Kim recently co-authored with his colleague in 2012 and 2011, Michael Solomon, two recent books entitled “Fundamentals of Network Communications” and “Fundamentals of Information Systems Security” for Jones & Bartlett Learning’s Information System Security & Assurance Curriculum (www.issaseries.com). In 2009, Kim, co-authored with his colleagues, Robert Decker and Michael Gibbs, a book entitled “Unified Communications Solutions” for Nortel Press/Avaya Press on emerging voice communication solutions including unified messaging and unified communications that are positioned to uniquely solve business communication challenges. In addition, he co-authored with his colleague Michael Gregg in 2005, “Inside Network Security Assessment – Guarding Your IT Infrastructure”, which discusses recent compliancy laws and their impact on IT infrastructures, conducting risk and security assessments, and implementing proper security controls (policies, standards, procedures, and guidelines) pertaining to confidentiality, integrity, and availability.

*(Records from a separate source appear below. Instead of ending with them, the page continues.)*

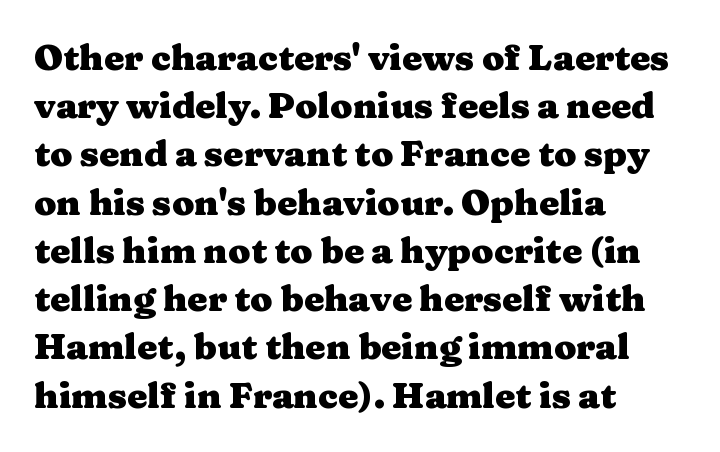
Q: Is the text bold? A: Yes.
Q: Is the text italic (slanted)? A: No, it is upright.
Q: Is the typeface a serif or a sans-serif typeface? A: Serif.
Q: Is the text underlined? A: No.
Q: How is the paragraph aligned? A: Left-aligned.
Q: Is the spacing between letters normal or unusually wide? A: Normal.
Q: Is the spacing between lines tight, normal or loose? A: Normal.
Q: Width (condensed, normal, or wide)? A: Wide.
Q: Stroke contrast? A: Medium.
Q: x-height? A: Medium.
Q: Monospaced? A: No.
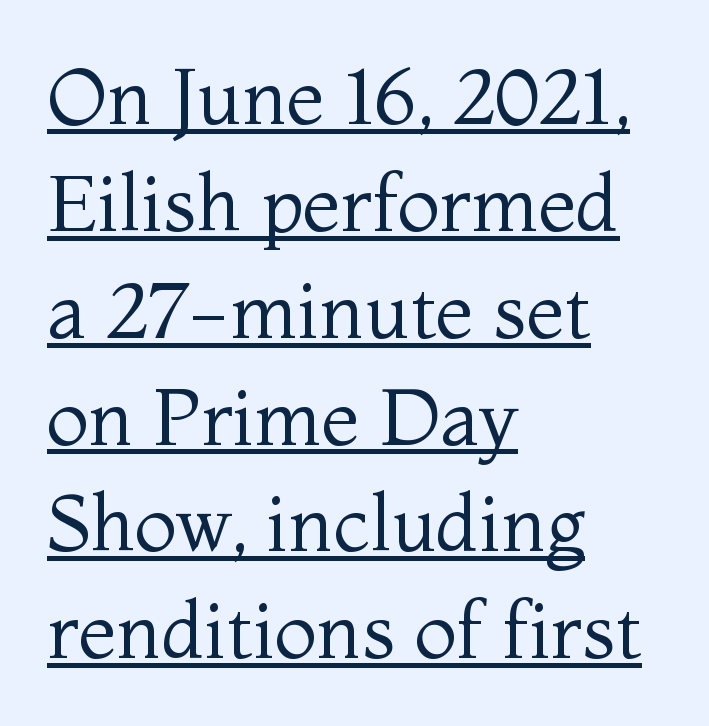
A light-to-regular cut is what we see here. Vertical strokes here are truly vertical. Does extra space separate the letters? No, they use regular spacing. The passage is arranged the way most books set body copy — flush left.
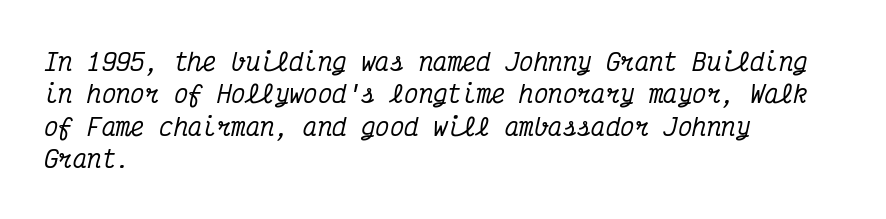
The image shows 24 px text type, italic (leaning right); set left-aligned, normal line spacing (1.35x), normal letter spacing, not underlined.
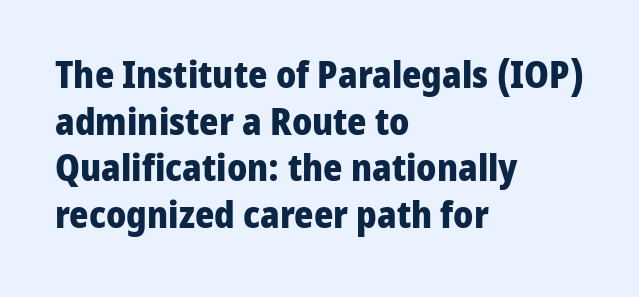
The image shows 37 px heavy sans-serif type, upright; set left-aligned, normal line spacing (1.26x), normal letter spacing, not underlined; low stroke contrast and a medium x-height.

Professional Affiliations, Certifications & Teaching Experience:
IEEE Member – 1985 and on
Certified Cisco Systems Instructor – 1993 and on
Certified Nortel/Avaya Systems Instructor – 2006 and on
NSA 4011 – Information Systems Security Certified Professional
NSA 4013-Advanced – System Administrator Certified Information Assurance Professional
During the 1990’s, Kim founded a company called Network Evolutions, Inc. (NEI) which focused on enterprise and broadband network design, network implementation, and large-scale broadband IP networks supporting converged voice, video, and data communications. Network Evolutions, Inc. was acquired by IXC Communications, Inc./Broadwing, Inc. (NYSE: BRW) in 1999 during the Internet/Telecommunication’s boom of the late 1990’s.